Мусора набирается шесть пакетов. Я не проверяю, сколько и чего Вадик затолкал под кровать и запинал в темные, не видимые мне углы. Достаточно и того, что есть. Выносим мы их вместе. Бутылки позвякивают.

— Вы вообще мне не отец, — произносит Вадик.

— Я тебе доктор, — отвечаю я.

Дружков великовозрастного оболтуса на обозримом горизонте не видно.

Раскидав пакеты по контейнерам, мы возвращаемся. Вадик хмурится, в лифте колупает ногтем отставший уголок объявления: «Отдам в хорошие руки кота породы…» А дальше — оборвано. Из всех пород я знаю только персидскую.

— Все, садись, — говорю я Вадику, когда мы вновь оказываемся в квартире.

— Вы из меня наркомана делаете, — ворчит тот.

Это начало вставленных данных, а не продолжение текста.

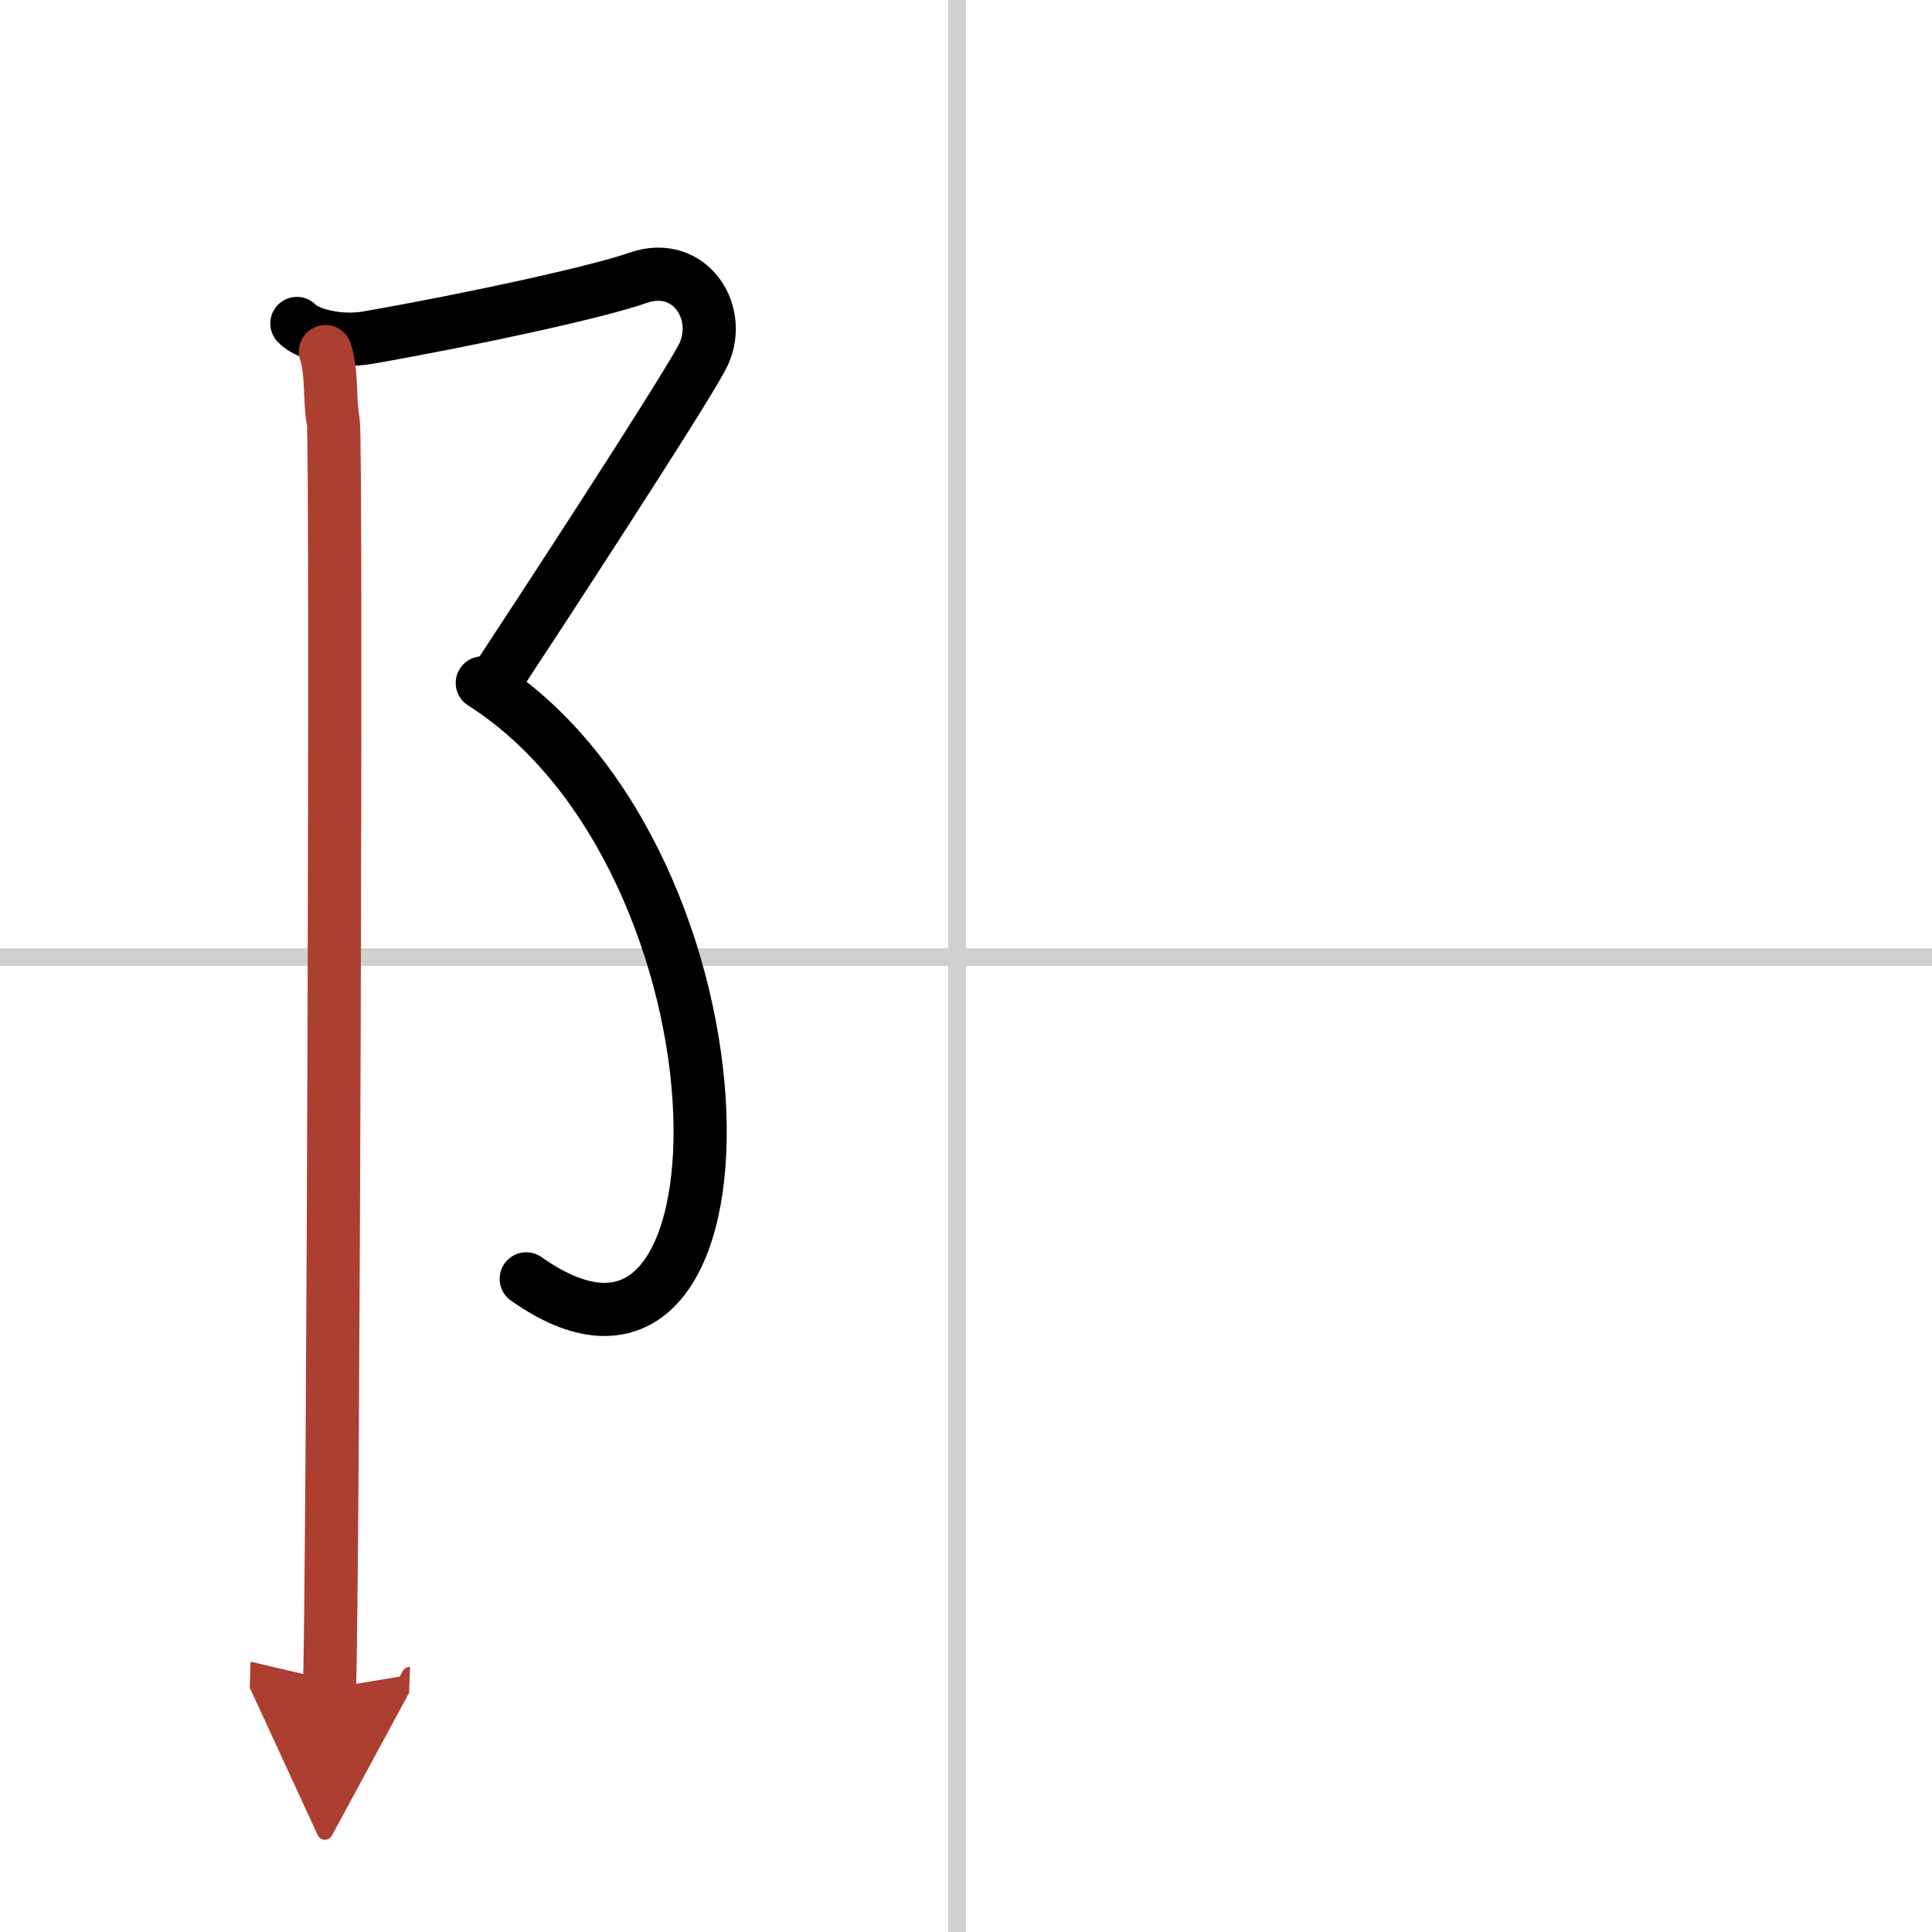 <svg width="400" height="400" viewBox="0 0 109 109" xmlns="http://www.w3.org/2000/svg"><defs><marker id="a" markerWidth="4" orient="auto" refX="1" refY="5" viewBox="0 0 10 10"><polyline points="0 0 10 5 0 10 1 5" fill="#ad3f31" stroke="#ad3f31"/></marker></defs><g fill="none" stroke="#000" stroke-linecap="round" stroke-linejoin="round" stroke-width="3"><rect width="100%" height="100%" fill="#fff" stroke="#fff"/><line x1="54" x2="54" y2="109" stroke="#d0d0d0" stroke-width="1"/><line x2="109" y1="54" y2="54" stroke="#d0d0d0" stroke-width="1"/><path d="m16.75 18.25c0.54 0.6 2.35 1.09 4 0.8 6-1.05 12.98-2.58 15.23-3.37 2.97-1.05 4.93 2.05 3.62 4.5-1.32 2.45-9.42 14.85-11.73 18.35"/><path d="m27.21 38.53c15.85 10.09 16.04 43.22 2.48 33.62"/><path d="m18.36 19.84c0.39 1.16 0.22 2.86 0.44 3.91 0.21 1.05 0 64.93-0.21 71.5" marker-end="url(#a)" stroke="#ad3f31"/></g></svg>

— А что поделать? — вздыхаю я. — Если ты, балбес, все живешь застарелой обидой. Сколько тебе уже? Двадцать?

— Почти.

— Вот видишь. Пора бы уже перестать переживать по поводу родителей, а по сути — совершенно чужих тебе людей. Отказались они от тебя и отказались. Их дурацкое дело.

— Вам легко говорить! — вскидывается Вадик. Глаз у него дергается. — Вы ничего подобного не испытывали!

Падает не вычищенная из волос скорлупа.

— Мне все легко, — спокойно говорю я. — Руку давай.

— Простите, — сопит Вадик.

Ладонь у него мягкая, почти детская. А ногти на пальцах — неровные, обгрызены зубами. Глядя на них, я думаю, что какие-то эпизоды люди часто вспоминают не вовремя, спонтанно, и потом некоторое время мучаются придуманной виной.

Как, например, мой больной сейчас стыдится своих слов. Максима вспомнил.

— Пальцы разожми, — говорю я.

Правая — под сердце. Большой палец — вертикально, остальные — заборчиком — в сторону. Левая парит птицей. Чайкой ли? Интересно, мог бы Максимка однажды превратиться в такого вот Вадика? Не верю.

Впрочем, сына я, оказывается, и не знал.

— Юрий Алексеевич.

— Да, — спохватываюсь я и опускаю ладонь.

Левая на правой.

Водянисто-желтая боль предательства. Она пахнет пылью и одуванчиками. Почему-то никак иначе. Со времени последнего посещения Вадик умудрился накопить ее столько, будто ежедневно страдал и днем, и ночью. Странный он парень.

Боль течет лениво, как яд. Горькая, как яд.

Вопросы болтаются в ней поплавками. Почему? Почему я? Почему со мной? Вадик полон «Почему?». Зациклен. Но ответа не будет. Это «Почему?» Мебиуса. Его можно задавать бесконечно.

Так же тупо я спрашивал сына. Наверное, и Аня спрашивала тоже. В морге. В гробу. На кладбище. Нет ответа. Поэтому я больше не задаю вопросов.